[DIRECTIONS FOR THIS TASK] From the entries, copy out every line in which the word "mask" is found.

[Records from a data collection]

# # # # # # #

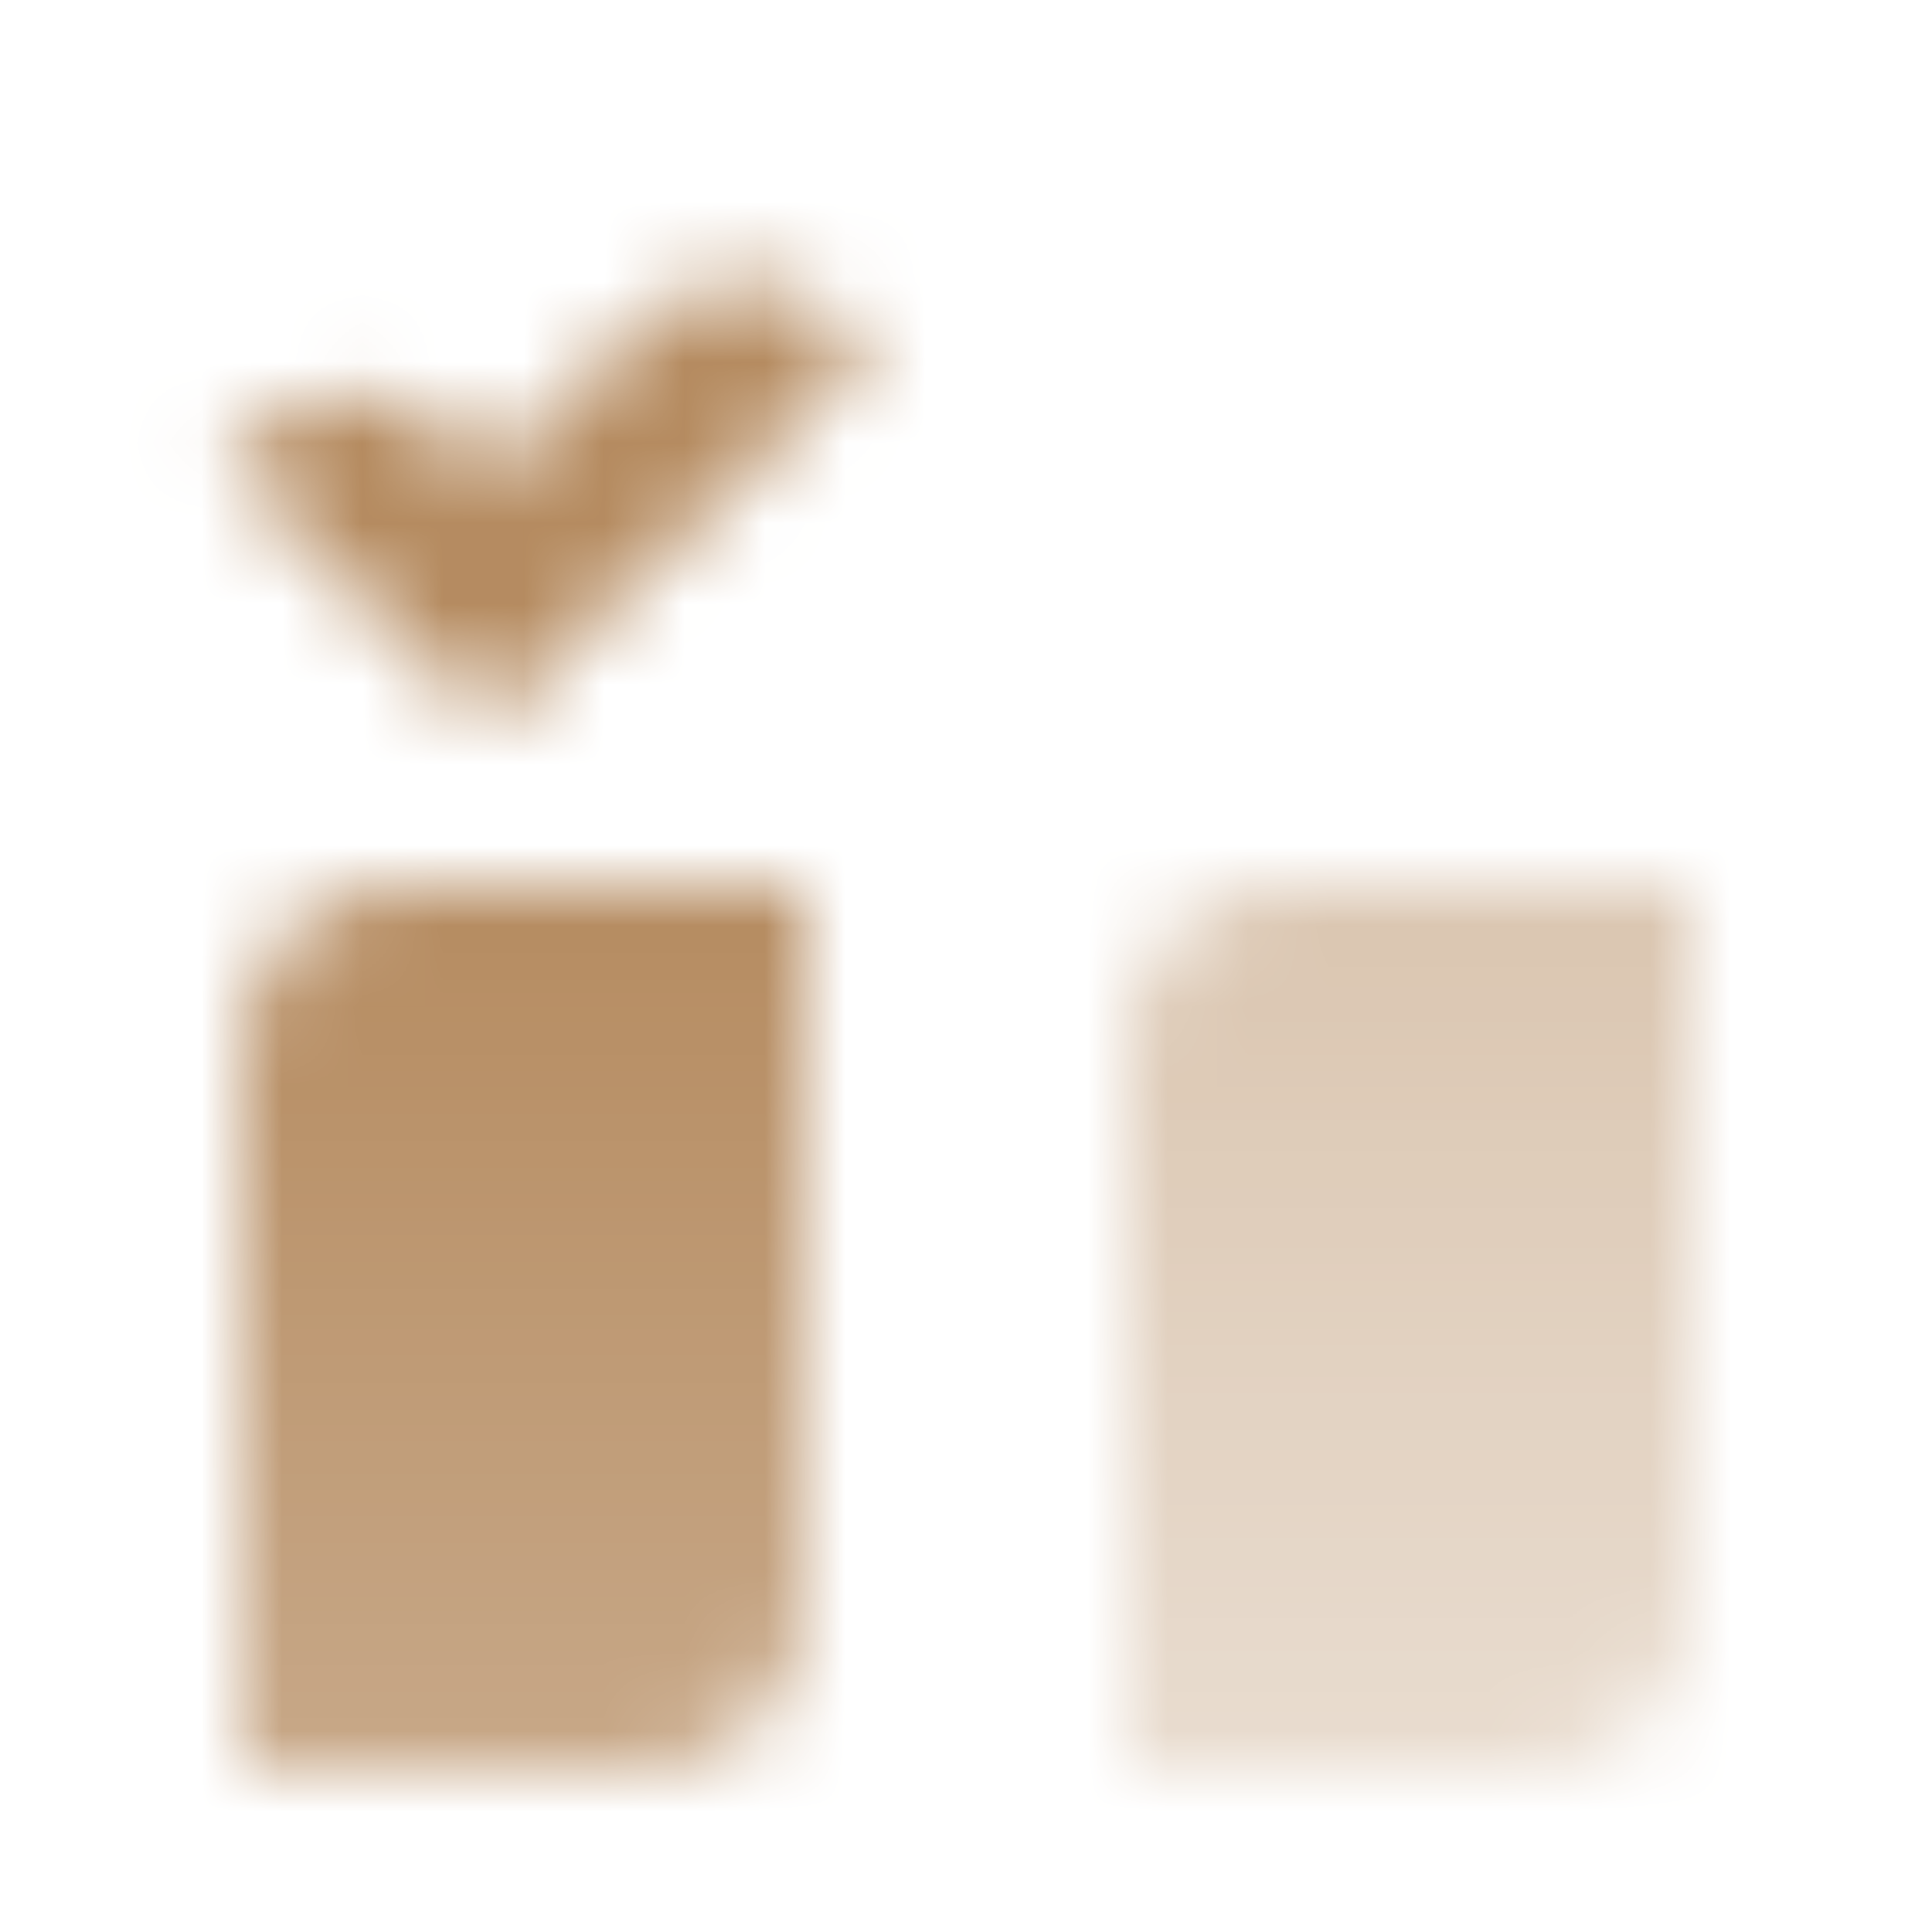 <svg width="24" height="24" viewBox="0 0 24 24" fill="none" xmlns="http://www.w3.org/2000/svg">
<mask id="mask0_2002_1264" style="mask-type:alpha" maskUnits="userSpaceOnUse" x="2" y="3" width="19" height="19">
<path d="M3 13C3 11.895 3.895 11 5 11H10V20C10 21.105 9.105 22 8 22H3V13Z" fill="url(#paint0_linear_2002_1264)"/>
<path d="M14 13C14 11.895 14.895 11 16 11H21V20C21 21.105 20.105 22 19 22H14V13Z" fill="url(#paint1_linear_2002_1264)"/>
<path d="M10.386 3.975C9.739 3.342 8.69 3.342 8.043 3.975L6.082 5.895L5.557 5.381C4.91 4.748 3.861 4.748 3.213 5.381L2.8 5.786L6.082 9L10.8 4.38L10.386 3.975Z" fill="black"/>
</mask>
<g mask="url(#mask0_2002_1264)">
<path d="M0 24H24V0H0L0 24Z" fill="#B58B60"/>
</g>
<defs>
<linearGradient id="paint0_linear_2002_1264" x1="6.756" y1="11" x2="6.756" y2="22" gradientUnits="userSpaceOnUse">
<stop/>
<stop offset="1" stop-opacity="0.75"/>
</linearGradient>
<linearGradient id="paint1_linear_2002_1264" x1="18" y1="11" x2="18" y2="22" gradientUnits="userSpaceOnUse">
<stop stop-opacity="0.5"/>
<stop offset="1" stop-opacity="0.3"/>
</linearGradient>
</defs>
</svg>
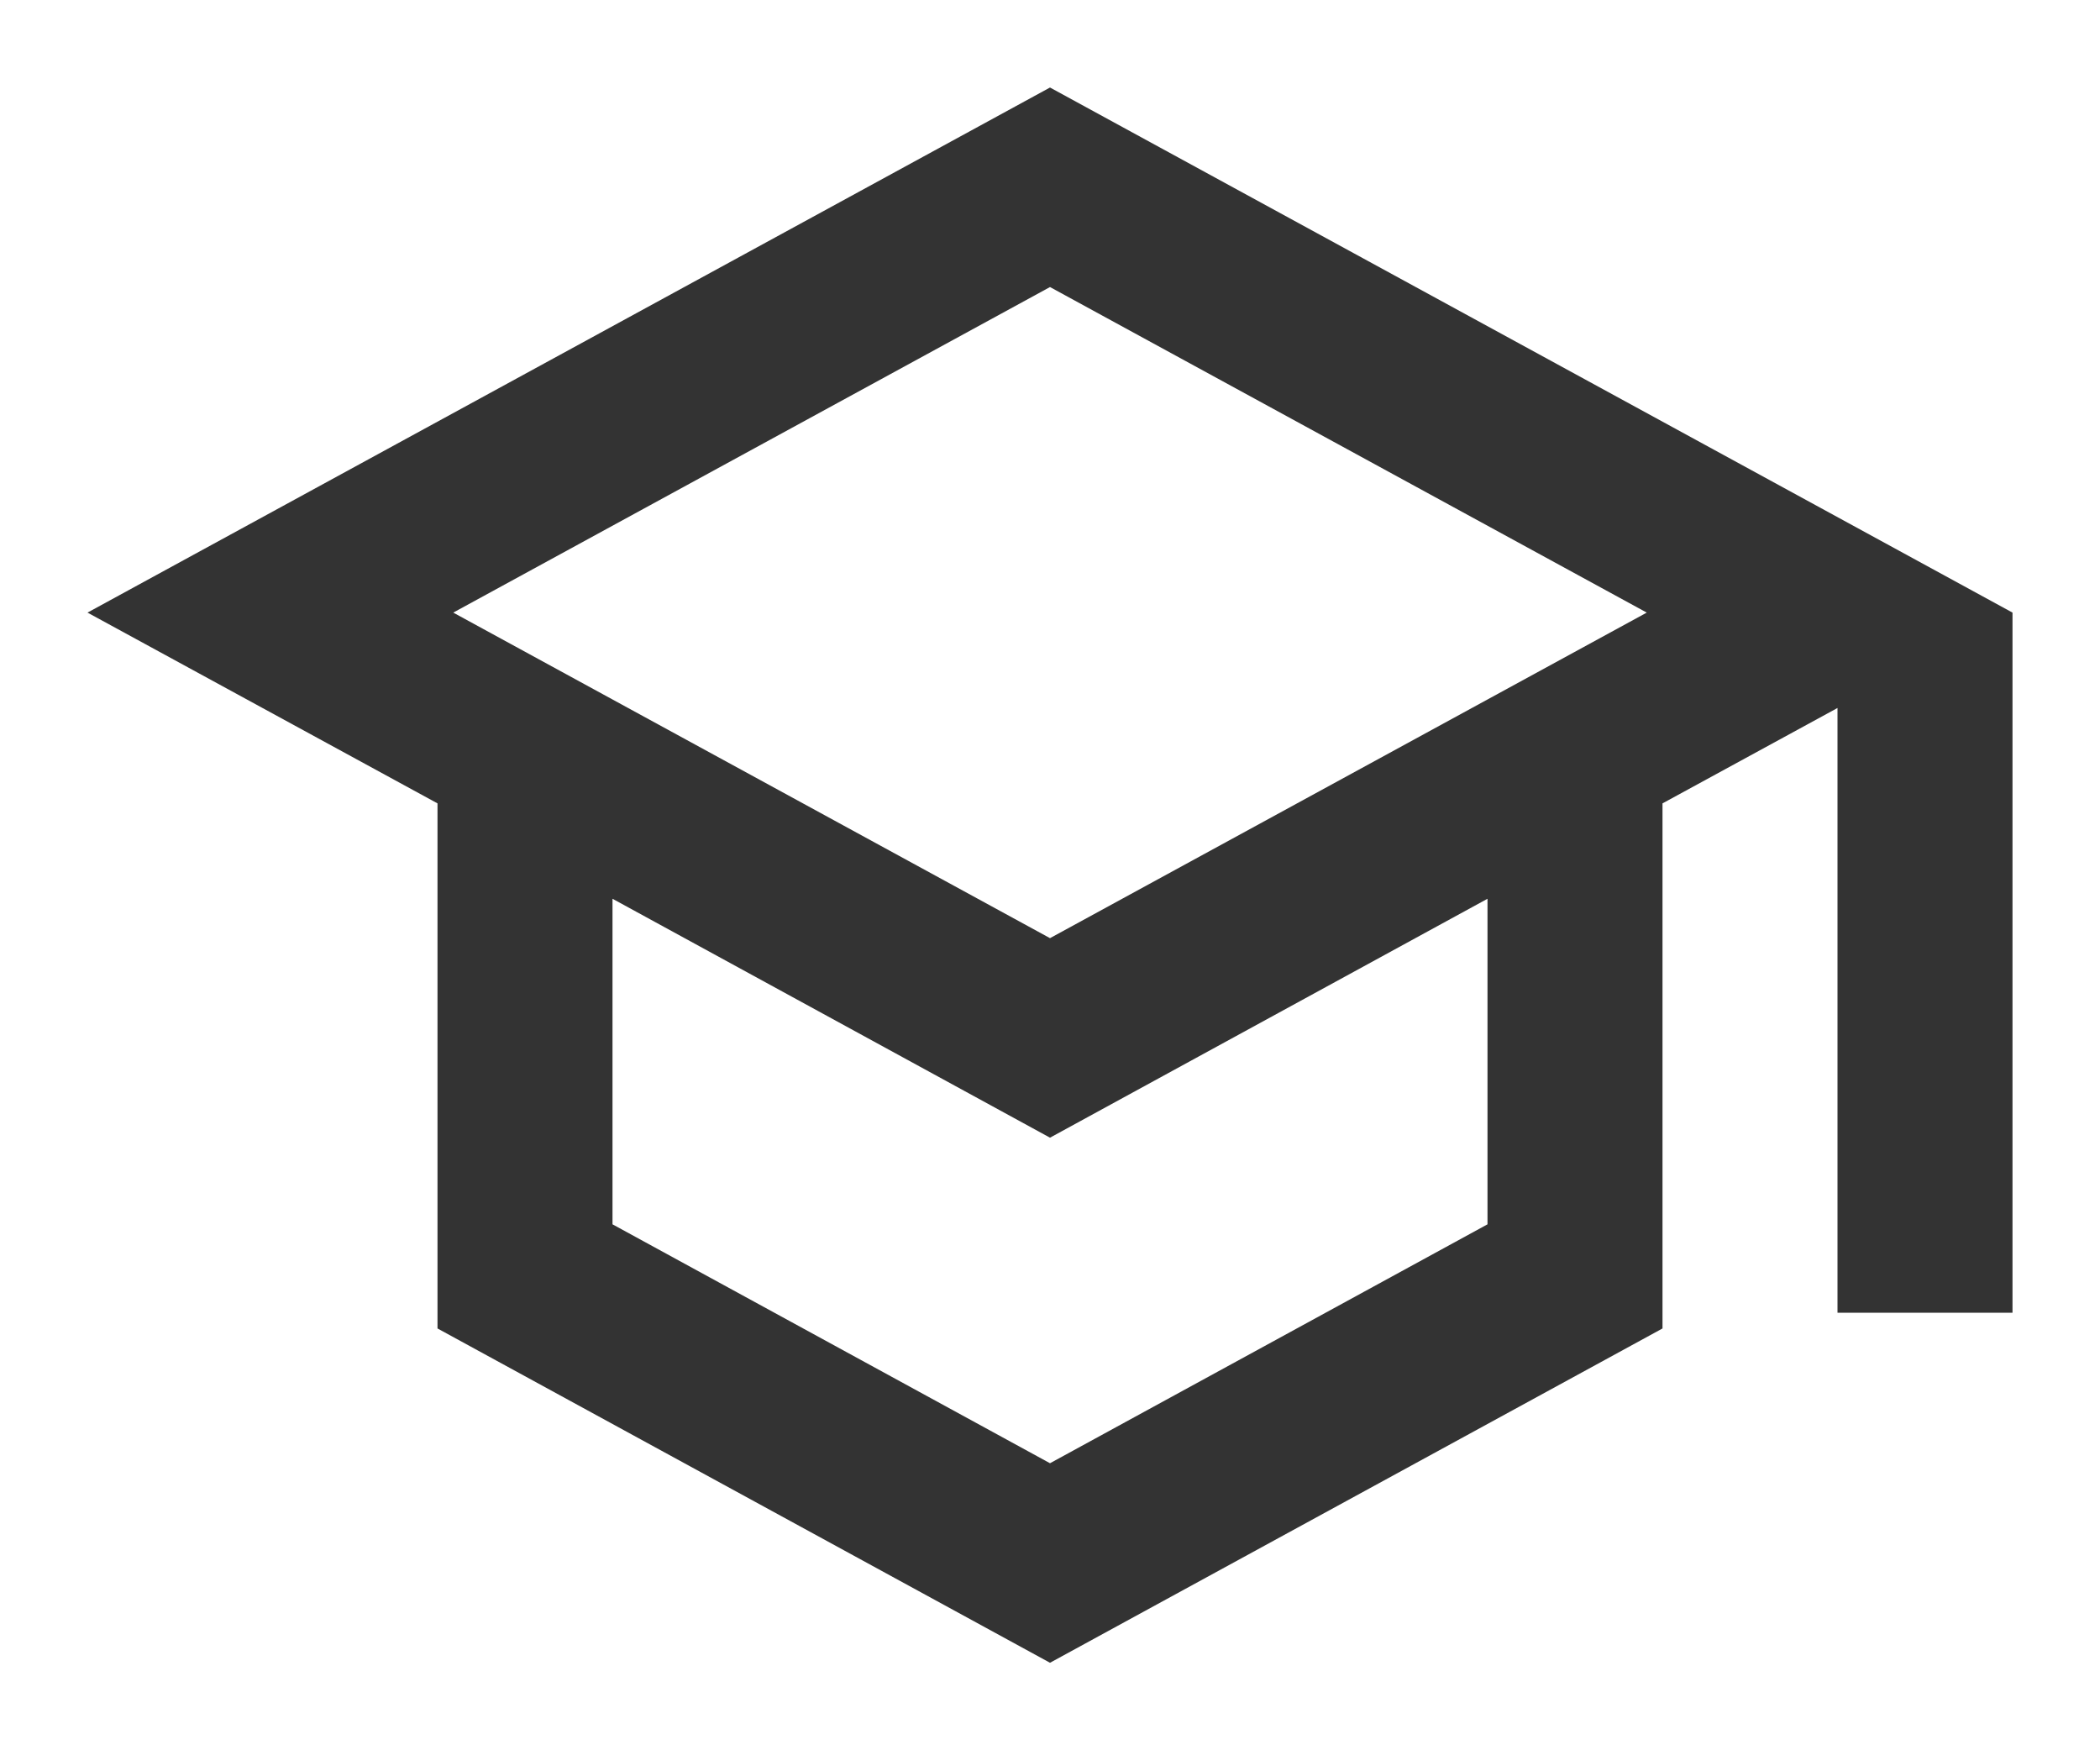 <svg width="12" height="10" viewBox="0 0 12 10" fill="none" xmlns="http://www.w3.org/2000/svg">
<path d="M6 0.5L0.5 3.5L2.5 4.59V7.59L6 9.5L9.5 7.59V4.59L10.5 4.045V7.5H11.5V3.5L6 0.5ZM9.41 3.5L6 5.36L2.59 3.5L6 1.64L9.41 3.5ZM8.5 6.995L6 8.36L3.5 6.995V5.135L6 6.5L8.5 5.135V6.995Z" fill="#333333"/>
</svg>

# # # # # # #

[TASK OUTPUT]
<mask id="mask0_2002_1264" style="mask-type:alpha" maskUnits="userSpaceOnUse" x="2" y="3" width="19" height="19">
</mask>
<g mask="url(#mask0_2002_1264)">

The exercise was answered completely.